◆ LISTED ENTRIES

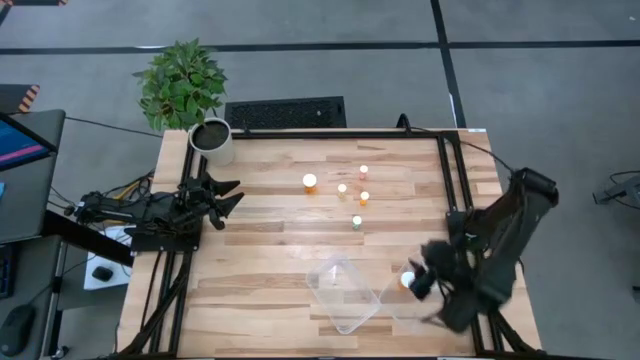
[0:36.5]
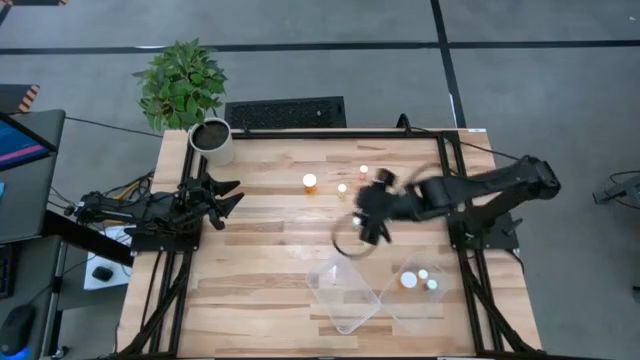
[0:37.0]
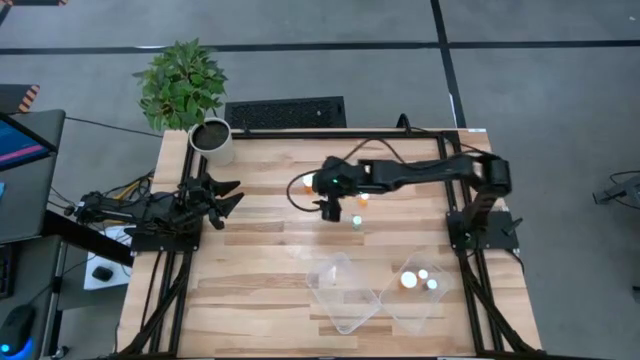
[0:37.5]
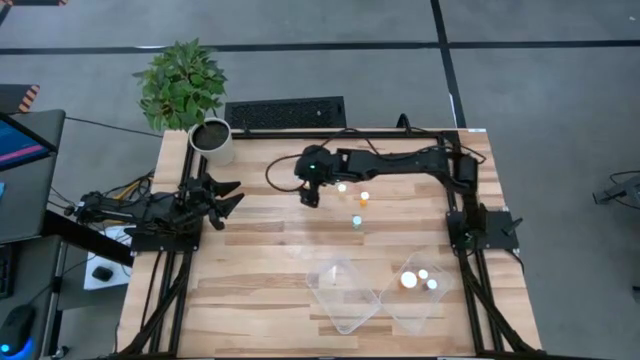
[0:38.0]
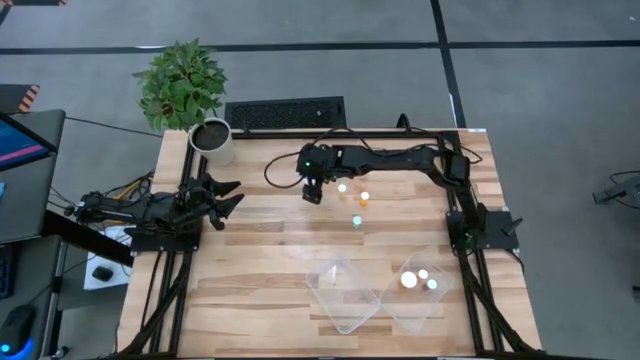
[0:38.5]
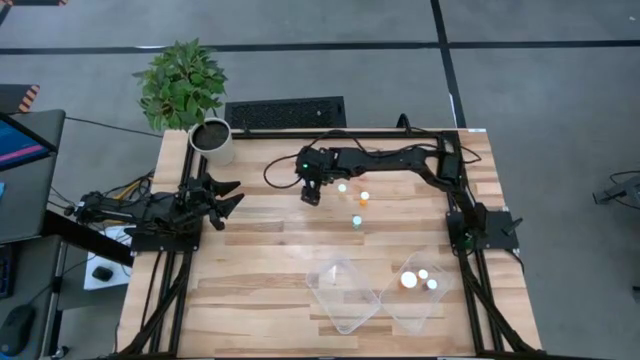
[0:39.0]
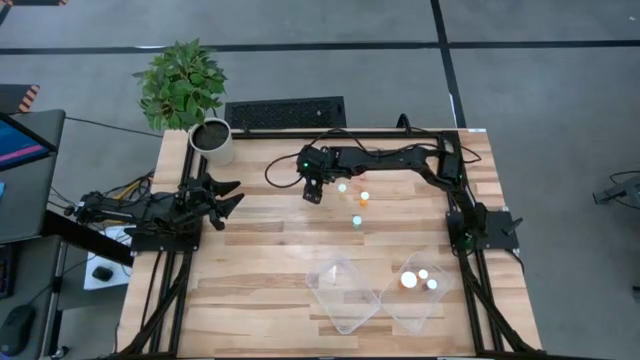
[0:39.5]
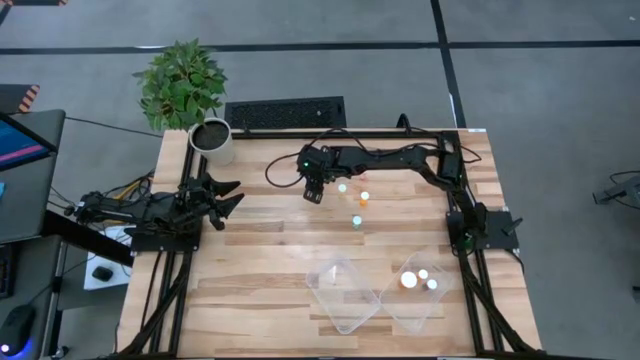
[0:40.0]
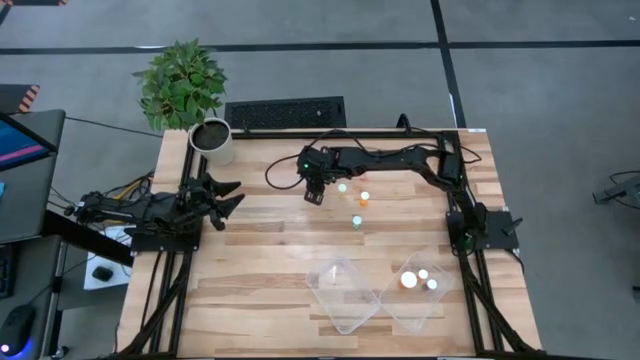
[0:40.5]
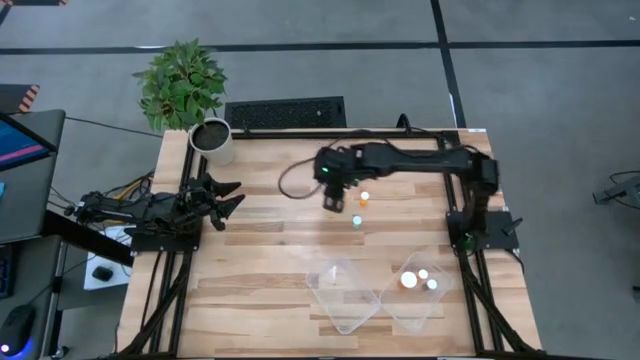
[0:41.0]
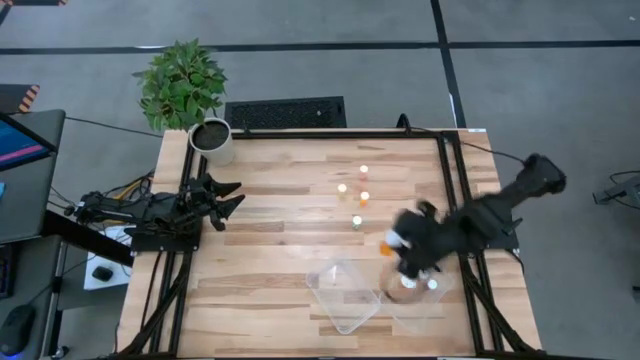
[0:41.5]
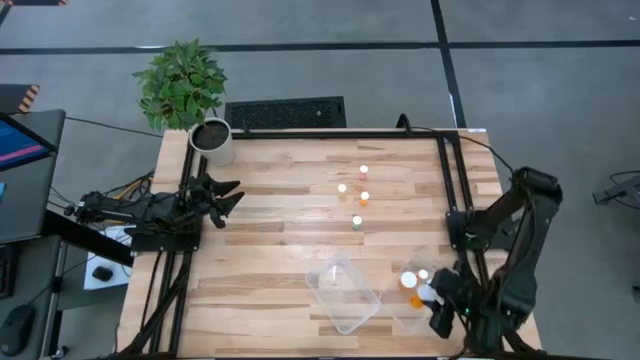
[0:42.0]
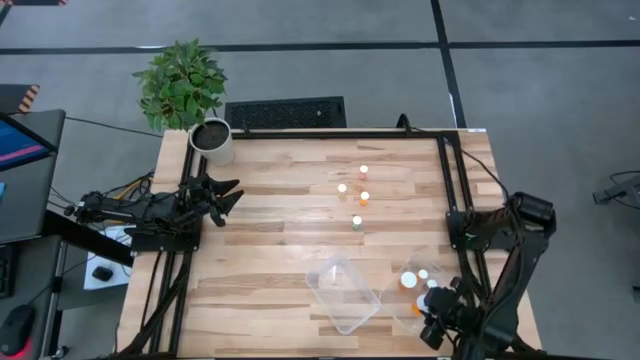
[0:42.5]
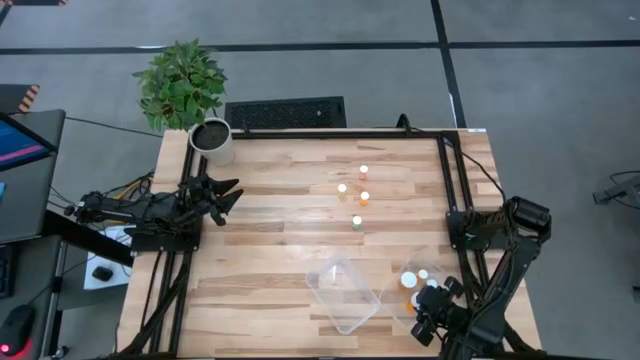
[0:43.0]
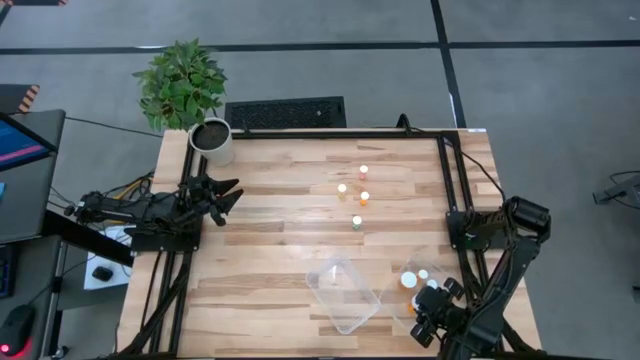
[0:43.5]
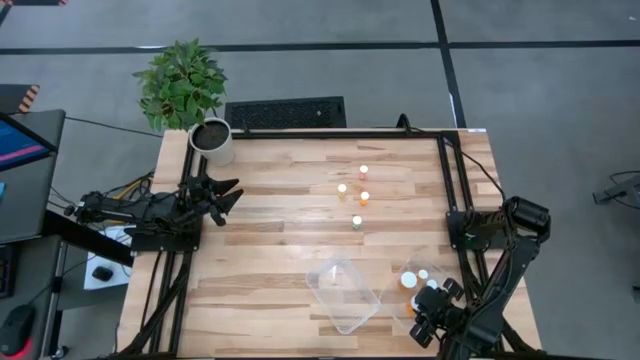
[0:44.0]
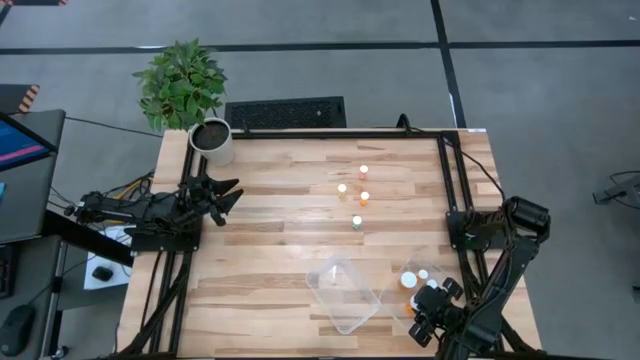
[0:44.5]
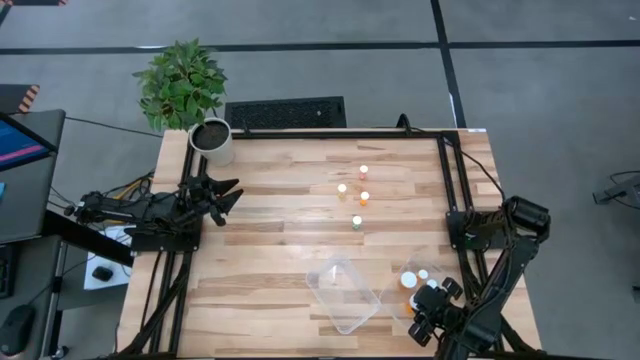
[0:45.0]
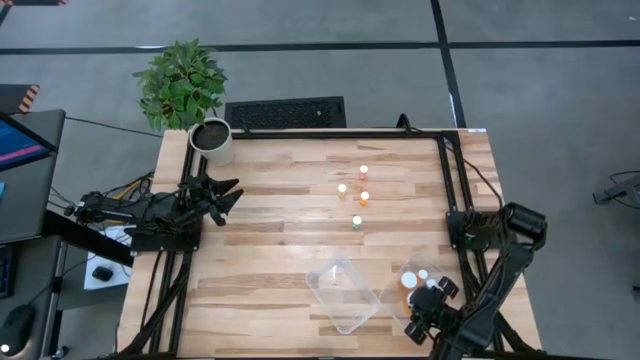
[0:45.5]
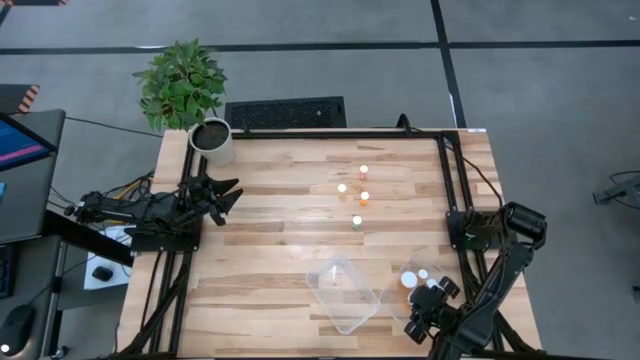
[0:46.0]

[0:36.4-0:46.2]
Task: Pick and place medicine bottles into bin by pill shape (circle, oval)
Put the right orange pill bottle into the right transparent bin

◆ YOUR GOAL
Transcribe all data precisely. Pictures are not copied.

◆ EXPECTED ANSWER
[0:36.5]
[0:37.0]
[0:37.5]
[0:38.0]
[0:38.5]
[0:39.0]
[0:39.5]
[0:40.0]
[0:40.5]
[0:41.0]
[0:41.5]
[0:42.0]
[0:42.5]
[0:43.0]
[0:43.5]
[0:44.0]
[0:44.5]
[0:45.0]
[0:45.5]
[0:46.0]

[0:36.4-0:46.2]
Task: Pick and place medicine bottles into bin by pill shape (circle, oval)
Put the right orange pill bottle into the right transparent bin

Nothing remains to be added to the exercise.